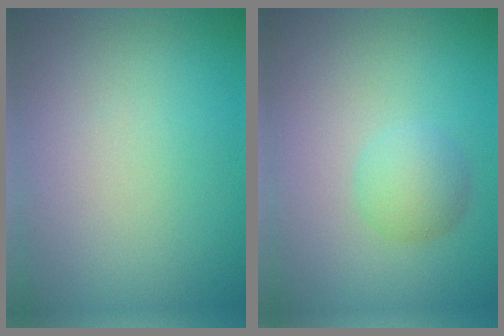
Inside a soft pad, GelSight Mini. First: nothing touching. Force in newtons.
{"total": 2.5, "press": 2.5, "slide": 0.1}
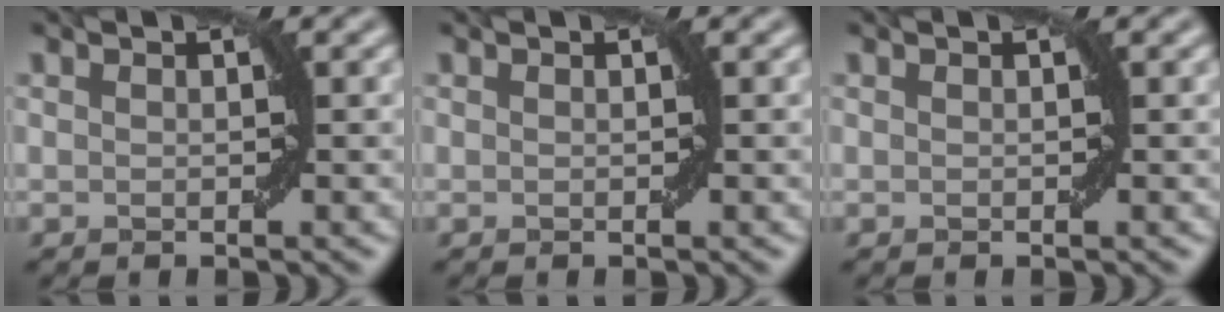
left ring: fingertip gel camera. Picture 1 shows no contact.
{"total": 0.0}
{"total": 0.0}
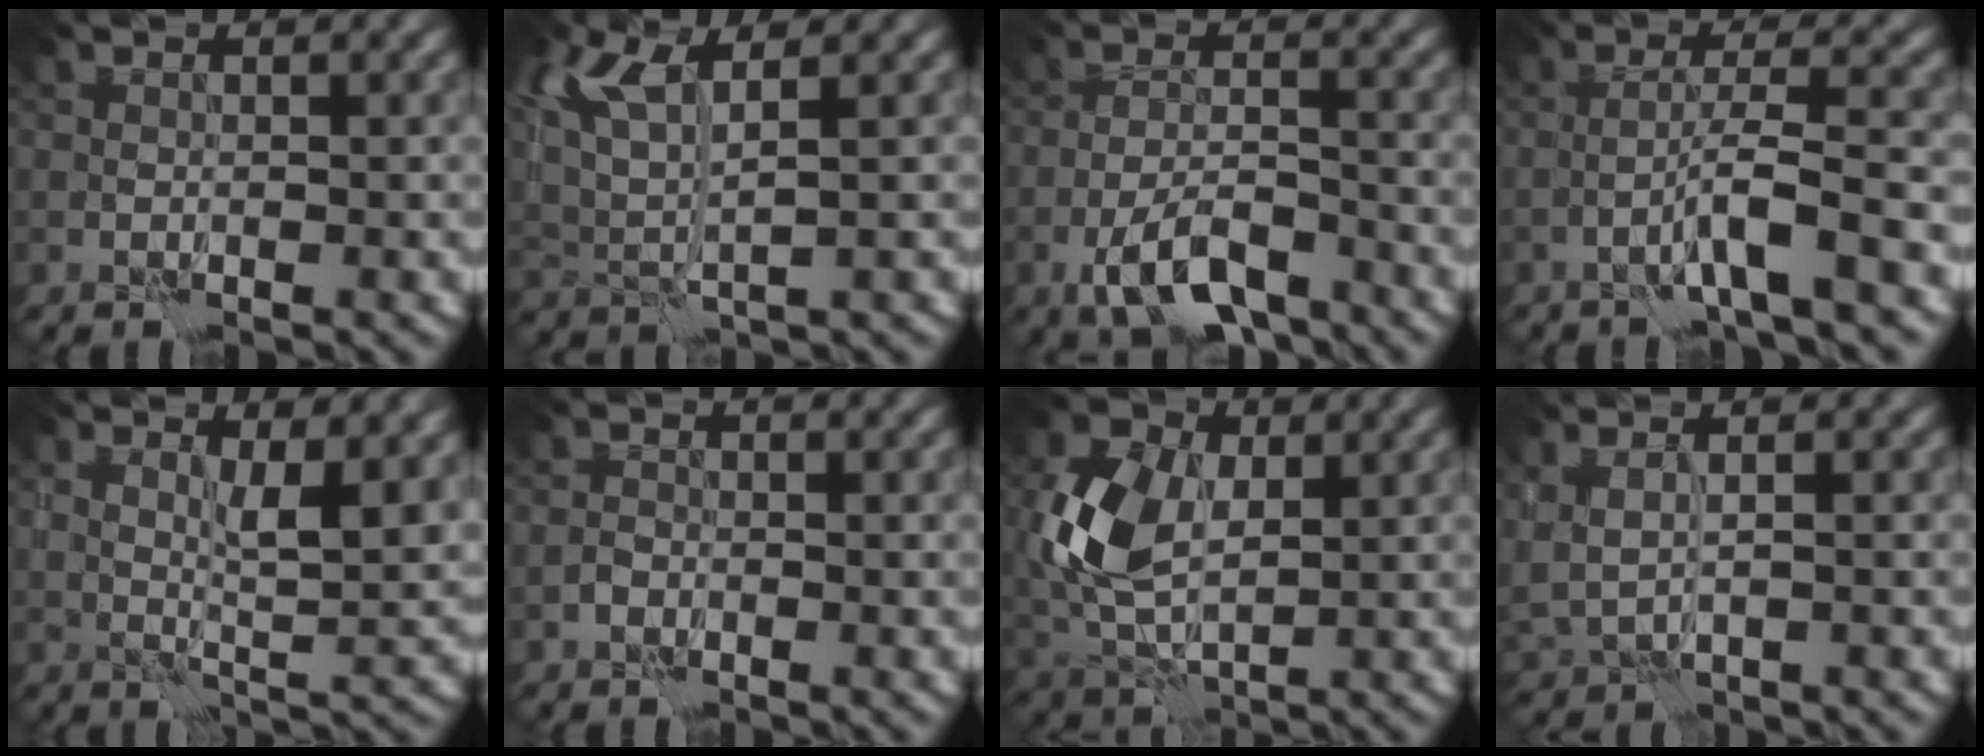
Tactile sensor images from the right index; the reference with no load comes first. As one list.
[{"total": 5.6, "force": [2.7, 1.8, 4.6], "torque": [-0.113, 0.005, 0.052]}, {"total": 5.7, "force": [-3.4, 2.1, 4.1], "torque": [-0.075, -0.003, -0.065]}, {"total": 3.9, "force": [-1.8, -0.3, 3.4], "torque": [-0.059, 0.015, -0.036]}, {"total": 3.5, "force": [2.0, 0.5, 2.8], "torque": [-0.048, -0.011, 0.039]}, {"total": 0.5, "force": [-0.4, 0.3, 0.1], "torque": [0.002, 0.002, -0.011]}, {"total": 7.5, "force": [1.2, 4.8, 5.6], "torque": [-0.132, 0.003, 0.018]}, {"total": 3.8, "force": [2.1, 1.7, 2.7], "torque": [-0.065, 0.004, 0.041]}]
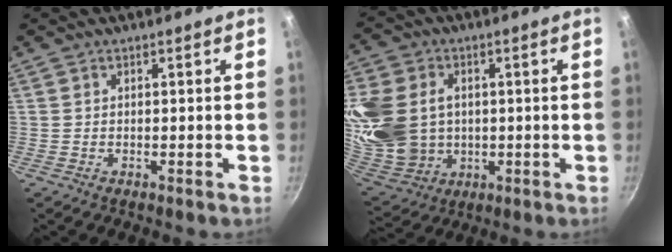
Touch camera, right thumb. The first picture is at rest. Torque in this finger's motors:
{"motor_torque": [-0.93, 1.42, 0.81, 0.87, 0.39]}
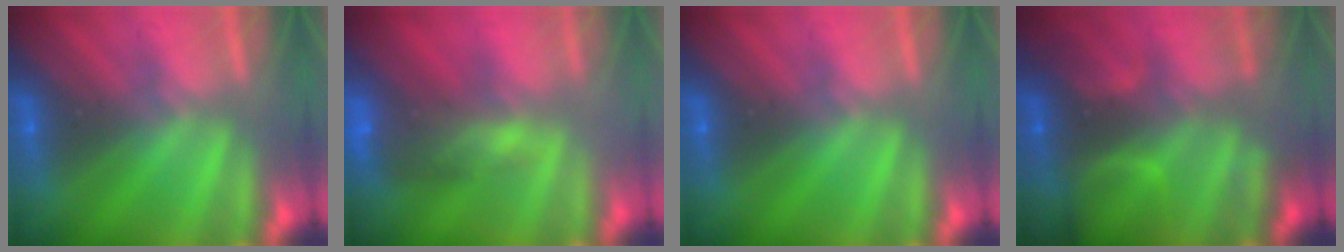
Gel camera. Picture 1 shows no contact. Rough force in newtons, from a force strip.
{"total": 8.7}
{"total": 0.0}
{"total": 6.8}
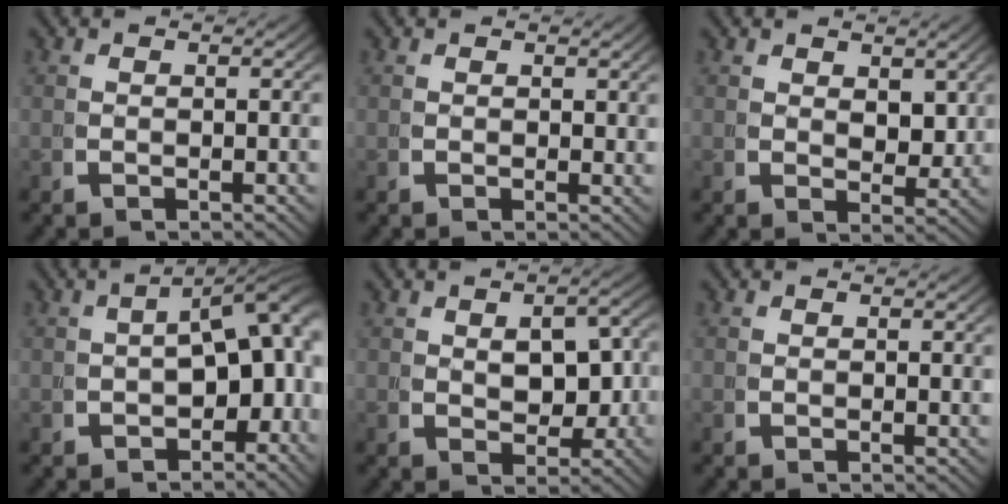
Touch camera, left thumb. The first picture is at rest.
{"total": 0.6, "force": [0.5, 0.3, 0.2], "torque": [-0.005, -0.007, 0.009]}
{"total": 2.2, "force": [1.7, 1.1, 1.0], "torque": [-0.012, -0.016, 0.035]}
{"total": 7.1, "force": [-1.0, 4.1, 5.8], "torque": [-0.072, -0.015, -0.005]}
{"total": 3.4, "force": [0.5, 2.3, 2.5], "torque": [-0.038, -0.018, 0.025]}
{"total": 0.0}
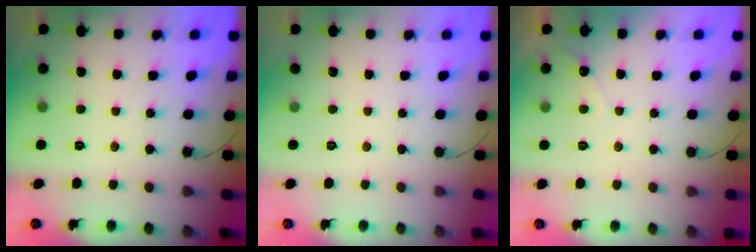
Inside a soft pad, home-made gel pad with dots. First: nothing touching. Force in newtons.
{"total": 0.0}
{"total": 3.6, "press": 3.6, "slide": 0.1}
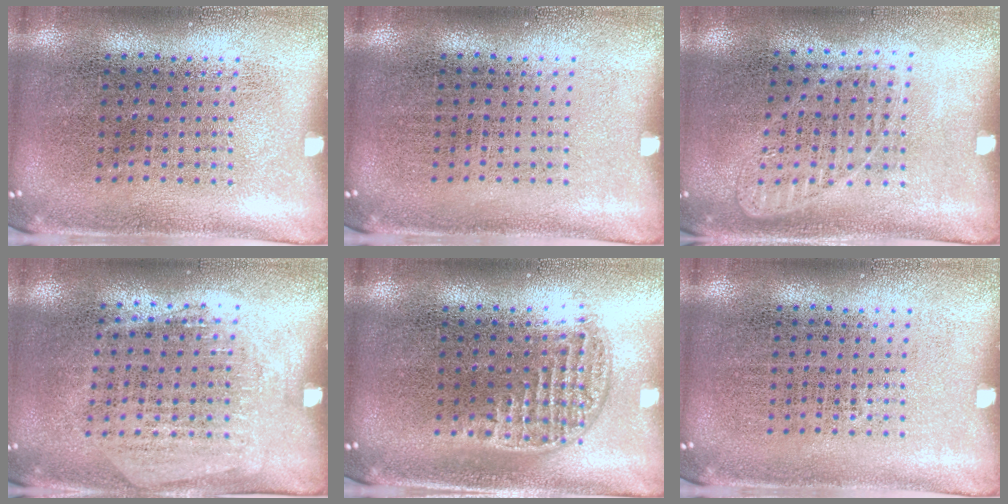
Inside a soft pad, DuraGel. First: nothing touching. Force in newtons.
{"total": 0.0}
{"total": 1.1, "press": 1.1, "slide": 0.2}
{"total": 1.3, "press": 1.1, "slide": 0.6}
{"total": 1.2, "press": 1.0, "slide": 0.6}
{"total": 0.0}
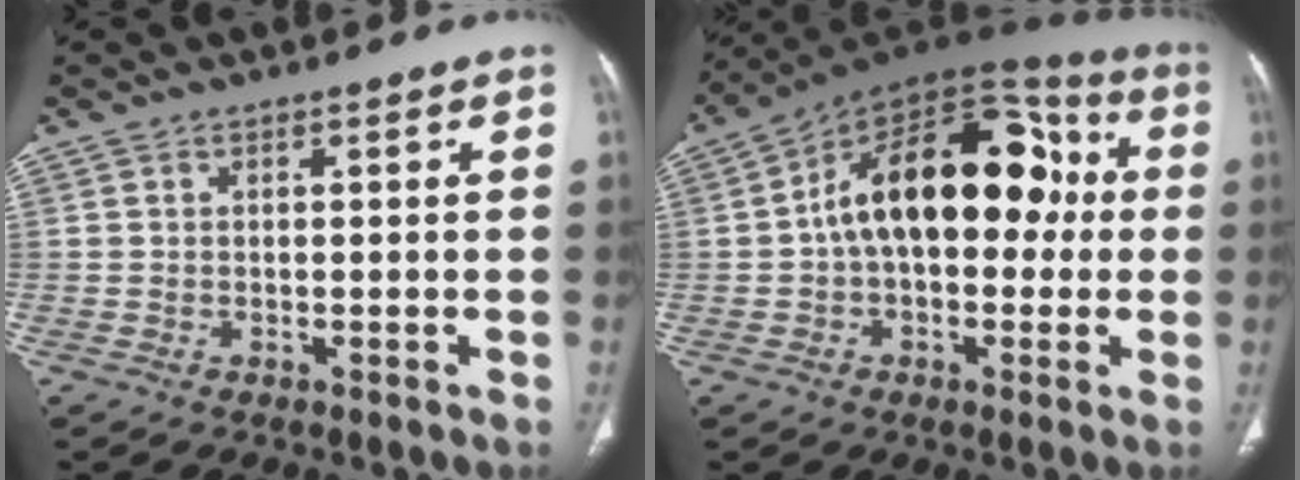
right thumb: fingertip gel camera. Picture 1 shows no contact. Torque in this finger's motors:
{"motor_torque": [2.51, 2.49, 1.81, -0.39, 0.21]}

Your goal: Without the pictures, write out the whole listing above exactly as it appears.

Problem solution:
Inside a soft pad, GelSight Mini. First: nothing touching. Force in newtons.
{"total": 2.5, "press": 2.5, "slide": 0.1}
left ring: fingertip gel camera. Picture 1 shows no contact.
{"total": 0.0}
{"total": 0.0}
Tactile sensor images from the right index; the reference with no load comes first. As one list.
[{"total": 5.6, "force": [2.7, 1.8, 4.6], "torque": [-0.113, 0.005, 0.052]}, {"total": 5.7, "force": [-3.4, 2.1, 4.1], "torque": [-0.075, -0.003, -0.065]}, {"total": 3.9, "force": [-1.8, -0.3, 3.4], "torque": [-0.059, 0.015, -0.036]}, {"total": 3.5, "force": [2.0, 0.5, 2.8], "torque": [-0.048, -0.011, 0.039]}, {"total": 0.5, "force": [-0.4, 0.3, 0.1], "torque": [0.002, 0.002, -0.011]}, {"total": 7.5, "force": [1.2, 4.8, 5.6], "torque": [-0.132, 0.003, 0.018]}, {"total": 3.8, "force": [2.1, 1.7, 2.7], "torque": [-0.065, 0.004, 0.041]}]
Touch camera, right thumb. The first picture is at rest. Torque in this finger's motors:
{"motor_torque": [-0.93, 1.42, 0.81, 0.87, 0.39]}
Gel camera. Picture 1 shows no contact. Rough force in newtons, from a force strip.
{"total": 8.7}
{"total": 0.0}
{"total": 6.8}
Touch camera, left thumb. The first picture is at rest.
{"total": 0.6, "force": [0.5, 0.3, 0.2], "torque": [-0.005, -0.007, 0.009]}
{"total": 2.2, "force": [1.7, 1.1, 1.0], "torque": [-0.012, -0.016, 0.035]}
{"total": 7.1, "force": [-1.0, 4.1, 5.8], "torque": [-0.072, -0.015, -0.005]}
{"total": 3.4, "force": [0.5, 2.3, 2.5], "torque": [-0.038, -0.018, 0.025]}
{"total": 0.0}
Inside a soft pad, home-made gel pad with dots. First: nothing touching. Force in newtons.
{"total": 0.0}
{"total": 3.6, "press": 3.6, "slide": 0.1}
Inside a soft pad, DuraGel. First: nothing touching. Force in newtons.
{"total": 0.0}
{"total": 1.1, "press": 1.1, "slide": 0.2}
{"total": 1.3, "press": 1.1, "slide": 0.6}
{"total": 1.2, "press": 1.0, "slide": 0.6}
{"total": 0.0}
right thumb: fingertip gel camera. Picture 1 shows no contact. Torque in this finger's motors:
{"motor_torque": [2.51, 2.49, 1.81, -0.39, 0.21]}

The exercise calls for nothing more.